* WHAT TO PRODUCE *
Every single entry must be reproduced precisely.

----

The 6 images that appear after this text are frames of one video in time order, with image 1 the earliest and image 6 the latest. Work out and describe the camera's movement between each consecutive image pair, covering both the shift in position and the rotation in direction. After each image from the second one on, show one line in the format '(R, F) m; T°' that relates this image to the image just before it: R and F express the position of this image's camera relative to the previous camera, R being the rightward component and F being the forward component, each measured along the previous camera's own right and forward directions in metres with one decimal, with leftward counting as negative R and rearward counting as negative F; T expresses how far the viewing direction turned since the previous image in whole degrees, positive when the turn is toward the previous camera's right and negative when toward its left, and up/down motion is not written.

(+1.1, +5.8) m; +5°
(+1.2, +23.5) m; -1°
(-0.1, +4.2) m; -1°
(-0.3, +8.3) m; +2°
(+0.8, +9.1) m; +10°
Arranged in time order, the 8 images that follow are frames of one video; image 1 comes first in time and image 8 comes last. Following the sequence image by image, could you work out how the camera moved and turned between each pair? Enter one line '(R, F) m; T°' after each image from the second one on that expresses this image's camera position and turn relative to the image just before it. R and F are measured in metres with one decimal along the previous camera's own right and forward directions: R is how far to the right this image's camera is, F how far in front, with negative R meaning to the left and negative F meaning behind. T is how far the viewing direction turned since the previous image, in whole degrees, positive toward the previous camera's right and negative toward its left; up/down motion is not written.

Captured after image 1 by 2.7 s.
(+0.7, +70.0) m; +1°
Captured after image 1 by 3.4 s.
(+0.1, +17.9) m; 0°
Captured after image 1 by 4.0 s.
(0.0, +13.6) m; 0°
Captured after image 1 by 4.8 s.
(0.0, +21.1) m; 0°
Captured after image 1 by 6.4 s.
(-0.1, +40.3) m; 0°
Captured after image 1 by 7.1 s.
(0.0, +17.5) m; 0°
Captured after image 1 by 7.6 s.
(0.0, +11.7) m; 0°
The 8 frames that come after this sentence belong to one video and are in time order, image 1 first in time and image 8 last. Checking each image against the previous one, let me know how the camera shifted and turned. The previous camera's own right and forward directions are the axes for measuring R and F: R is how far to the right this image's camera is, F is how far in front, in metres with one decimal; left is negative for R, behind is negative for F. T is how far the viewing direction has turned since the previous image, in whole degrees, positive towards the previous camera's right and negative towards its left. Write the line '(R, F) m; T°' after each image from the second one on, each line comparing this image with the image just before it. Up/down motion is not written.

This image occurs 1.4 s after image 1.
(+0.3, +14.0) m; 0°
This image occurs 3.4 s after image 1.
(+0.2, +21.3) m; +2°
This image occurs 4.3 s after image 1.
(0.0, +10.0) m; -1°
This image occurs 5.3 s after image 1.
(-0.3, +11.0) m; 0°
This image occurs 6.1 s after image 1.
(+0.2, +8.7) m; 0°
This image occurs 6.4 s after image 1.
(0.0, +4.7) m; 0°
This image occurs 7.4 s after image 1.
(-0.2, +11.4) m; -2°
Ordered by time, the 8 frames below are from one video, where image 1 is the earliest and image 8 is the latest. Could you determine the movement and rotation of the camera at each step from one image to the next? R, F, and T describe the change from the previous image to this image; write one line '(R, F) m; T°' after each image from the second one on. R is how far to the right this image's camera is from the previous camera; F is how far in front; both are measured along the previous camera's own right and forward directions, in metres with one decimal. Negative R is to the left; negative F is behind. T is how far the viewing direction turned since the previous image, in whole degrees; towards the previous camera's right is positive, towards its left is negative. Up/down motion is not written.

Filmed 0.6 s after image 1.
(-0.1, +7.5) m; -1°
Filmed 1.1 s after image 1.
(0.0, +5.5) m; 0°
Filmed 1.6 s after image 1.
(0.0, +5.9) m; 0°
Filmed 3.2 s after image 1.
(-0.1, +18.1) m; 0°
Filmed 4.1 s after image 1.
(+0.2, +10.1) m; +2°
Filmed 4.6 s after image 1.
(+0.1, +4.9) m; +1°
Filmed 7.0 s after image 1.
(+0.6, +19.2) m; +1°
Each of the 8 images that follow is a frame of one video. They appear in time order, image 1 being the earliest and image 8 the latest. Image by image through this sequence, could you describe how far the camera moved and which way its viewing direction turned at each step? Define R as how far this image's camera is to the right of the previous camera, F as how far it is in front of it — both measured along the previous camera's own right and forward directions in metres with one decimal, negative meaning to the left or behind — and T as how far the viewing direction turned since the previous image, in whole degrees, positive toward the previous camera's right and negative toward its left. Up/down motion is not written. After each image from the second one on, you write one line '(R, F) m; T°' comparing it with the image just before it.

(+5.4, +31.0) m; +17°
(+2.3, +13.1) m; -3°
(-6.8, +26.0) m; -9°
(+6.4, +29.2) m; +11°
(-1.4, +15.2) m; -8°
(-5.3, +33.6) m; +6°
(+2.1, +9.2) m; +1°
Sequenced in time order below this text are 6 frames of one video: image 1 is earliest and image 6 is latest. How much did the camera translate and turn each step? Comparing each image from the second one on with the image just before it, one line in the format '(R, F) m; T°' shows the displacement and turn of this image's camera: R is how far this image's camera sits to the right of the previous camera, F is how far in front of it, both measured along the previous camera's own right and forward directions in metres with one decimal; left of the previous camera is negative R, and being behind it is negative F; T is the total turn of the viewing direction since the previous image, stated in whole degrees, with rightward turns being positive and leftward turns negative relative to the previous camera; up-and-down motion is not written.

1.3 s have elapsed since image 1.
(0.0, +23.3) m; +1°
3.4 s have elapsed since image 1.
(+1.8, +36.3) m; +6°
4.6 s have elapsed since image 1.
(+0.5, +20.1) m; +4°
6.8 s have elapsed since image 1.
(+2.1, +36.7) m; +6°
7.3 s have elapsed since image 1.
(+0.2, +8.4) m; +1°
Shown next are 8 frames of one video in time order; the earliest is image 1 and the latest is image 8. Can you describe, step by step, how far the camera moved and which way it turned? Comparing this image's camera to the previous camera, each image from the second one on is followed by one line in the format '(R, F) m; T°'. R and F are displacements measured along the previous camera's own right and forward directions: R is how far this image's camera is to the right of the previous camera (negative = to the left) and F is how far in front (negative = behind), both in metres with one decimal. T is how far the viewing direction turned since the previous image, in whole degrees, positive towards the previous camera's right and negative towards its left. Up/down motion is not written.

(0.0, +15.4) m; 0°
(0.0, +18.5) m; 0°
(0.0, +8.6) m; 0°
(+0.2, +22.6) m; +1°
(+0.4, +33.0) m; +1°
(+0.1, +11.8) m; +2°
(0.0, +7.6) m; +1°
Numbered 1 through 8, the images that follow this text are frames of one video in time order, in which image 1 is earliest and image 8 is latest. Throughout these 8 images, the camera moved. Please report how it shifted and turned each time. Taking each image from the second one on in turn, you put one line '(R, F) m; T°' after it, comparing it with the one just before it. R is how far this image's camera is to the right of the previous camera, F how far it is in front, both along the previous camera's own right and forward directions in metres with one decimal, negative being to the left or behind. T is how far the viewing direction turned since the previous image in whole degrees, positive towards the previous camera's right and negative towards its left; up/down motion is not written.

----

* RESPONSE FOR THIS EXERCISE *
The 6 images that appear after this text are frames of one video in time order, with image 1 the earliest and image 6 the latest. Work out and describe the camera's movement between each consecutive image pair, covering both the shift in position and the rotation in direction. After each image from the second one on, show one line in the format '(R, F) m; T°' that relates this image to the image just before it: R and F express the position of this image's camera relative to the previous camera, R being the rightward component and F being the forward component, each measured along the previous camera's own right and forward directions in metres with one decimal, with leftward counting as negative R and rearward counting as negative F; T expresses how far the viewing direction turned since the previous image in whole degrees, positive when the turn is toward the previous camera's right and negative when toward its left, and up/down motion is not written.

(+1.1, +5.8) m; +5°
(+1.2, +23.5) m; -1°
(-0.1, +4.2) m; -1°
(-0.3, +8.3) m; +2°
(+0.8, +9.1) m; +10°
Arranged in time order, the 8 images that follow are frames of one video; image 1 comes first in time and image 8 comes last. Following the sequence image by image, could you work out how the camera moved and turned between each pair? Enter one line '(R, F) m; T°' after each image from the second one on that expresses this image's camera position and turn relative to the image just before it. R and F are measured in metres with one decimal along the previous camera's own right and forward directions: R is how far to the right this image's camera is, F how far in front, with negative R meaning to the left and negative F meaning behind. T is how far the viewing direction turned since the previous image, in whole degrees, positive toward the previous camera's right and negative toward its left; up/down motion is not written.

Captured after image 1 by 2.7 s.
(+0.7, +70.0) m; +1°
Captured after image 1 by 3.4 s.
(+0.1, +17.9) m; 0°
Captured after image 1 by 4.0 s.
(0.0, +13.6) m; 0°
Captured after image 1 by 4.8 s.
(0.0, +21.1) m; 0°
Captured after image 1 by 6.4 s.
(-0.1, +40.3) m; 0°
Captured after image 1 by 7.1 s.
(0.0, +17.5) m; 0°
Captured after image 1 by 7.6 s.
(0.0, +11.7) m; 0°
The 8 frames that come after this sentence belong to one video and are in time order, image 1 first in time and image 8 last. Checking each image against the previous one, let me know how the camera shifted and turned. The previous camera's own right and forward directions are the axes for measuring R and F: R is how far to the right this image's camera is, F is how far in front, in metres with one decimal; left is negative for R, behind is negative for F. T is how far the viewing direction has turned since the previous image, in whole degrees, positive towards the previous camera's right and negative towards its left. Write the line '(R, F) m; T°' after each image from the second one on, each line comparing this image with the image just before it. Up/down motion is not written.

This image occurs 1.4 s after image 1.
(+0.3, +14.0) m; 0°
This image occurs 3.4 s after image 1.
(+0.2, +21.3) m; +2°
This image occurs 4.3 s after image 1.
(0.0, +10.0) m; -1°
This image occurs 5.3 s after image 1.
(-0.3, +11.0) m; 0°
This image occurs 6.1 s after image 1.
(+0.2, +8.7) m; 0°
This image occurs 6.4 s after image 1.
(0.0, +4.7) m; 0°
This image occurs 7.4 s after image 1.
(-0.2, +11.4) m; -2°
Ordered by time, the 8 frames below are from one video, where image 1 is the earliest and image 8 is the latest. Could you determine the movement and rotation of the camera at each step from one image to the next? R, F, and T describe the change from the previous image to this image; write one line '(R, F) m; T°' after each image from the second one on. R is how far to the right this image's camera is from the previous camera; F is how far in front; both are measured along the previous camera's own right and forward directions, in metres with one decimal. Negative R is to the left; negative F is behind. T is how far the viewing direction turned since the previous image, in whole degrees; towards the previous camera's right is positive, towards its left is negative. Up/down motion is not written.

Filmed 0.6 s after image 1.
(-0.1, +7.5) m; -1°
Filmed 1.1 s after image 1.
(0.0, +5.5) m; 0°
Filmed 1.6 s after image 1.
(0.0, +5.9) m; 0°
Filmed 3.2 s after image 1.
(-0.1, +18.1) m; 0°
Filmed 4.1 s after image 1.
(+0.2, +10.1) m; +2°
Filmed 4.6 s after image 1.
(+0.1, +4.9) m; +1°
Filmed 7.0 s after image 1.
(+0.6, +19.2) m; +1°
Each of the 8 images that follow is a frame of one video. They appear in time order, image 1 being the earliest and image 8 the latest. Image by image through this sequence, could you describe how far the camera moved and which way its viewing direction turned at each step? Define R as how far this image's camera is to the right of the previous camera, F as how far it is in front of it — both measured along the previous camera's own right and forward directions in metres with one decimal, negative meaning to the left or behind — and T as how far the viewing direction turned since the previous image, in whole degrees, positive toward the previous camera's right and negative toward its left. Up/down motion is not written. After each image from the second one on, you write one line '(R, F) m; T°' comparing it with the image just before it.

(+5.4, +31.0) m; +17°
(+2.3, +13.1) m; -3°
(-6.8, +26.0) m; -9°
(+6.4, +29.2) m; +11°
(-1.4, +15.2) m; -8°
(-5.3, +33.6) m; +6°
(+2.1, +9.2) m; +1°
Sequenced in time order below this text are 6 frames of one video: image 1 is earliest and image 6 is latest. How much did the camera translate and turn each step? Comparing each image from the second one on with the image just before it, one line in the format '(R, F) m; T°' shows the displacement and turn of this image's camera: R is how far this image's camera sits to the right of the previous camera, F is how far in front of it, both measured along the previous camera's own right and forward directions in metres with one decimal; left of the previous camera is negative R, and being behind it is negative F; T is the total turn of the viewing direction since the previous image, stated in whole degrees, with rightward turns being positive and leftward turns negative relative to the previous camera; up-and-down motion is not written.

1.3 s have elapsed since image 1.
(0.0, +23.3) m; +1°
3.4 s have elapsed since image 1.
(+1.8, +36.3) m; +6°
4.6 s have elapsed since image 1.
(+0.5, +20.1) m; +4°
6.8 s have elapsed since image 1.
(+2.1, +36.7) m; +6°
7.3 s have elapsed since image 1.
(+0.2, +8.4) m; +1°
Shown next are 8 frames of one video in time order; the earliest is image 1 and the latest is image 8. Can you describe, step by step, how far the camera moved and which way it turned? Comparing this image's camera to the previous camera, each image from the second one on is followed by one line in the format '(R, F) m; T°'. R and F are displacements measured along the previous camera's own right and forward directions: R is how far this image's camera is to the right of the previous camera (negative = to the left) and F is how far in front (negative = behind), both in metres with one decimal. T is how far the viewing direction turned since the previous image, in whole degrees, positive towards the previous camera's right and negative towards its left. Up/down motion is not written.

(0.0, +15.4) m; 0°
(0.0, +18.5) m; 0°
(0.0, +8.6) m; 0°
(+0.2, +22.6) m; +1°
(+0.4, +33.0) m; +1°
(+0.1, +11.8) m; +2°
(0.0, +7.6) m; +1°
Numbered 1 through 8, the images that follow this text are frames of one video in time order, in which image 1 is earliest and image 8 is latest. Throughout these 8 images, the camera moved. Please report how it shifted and turned each time. Taking each image from the second one on in turn, you put one line '(R, F) m; T°' after it, comparing it with the one just before it. R is how far this image's camera is to the right of the previous camera, F how far it is in front, both along the previous camera's own right and forward directions in metres with one decimal, negative being to the left or behind. T is how far the viewing direction turned since the previous image in whole degrees, positive towards the previous camera's right and negative towards its left; up/down motion is not written.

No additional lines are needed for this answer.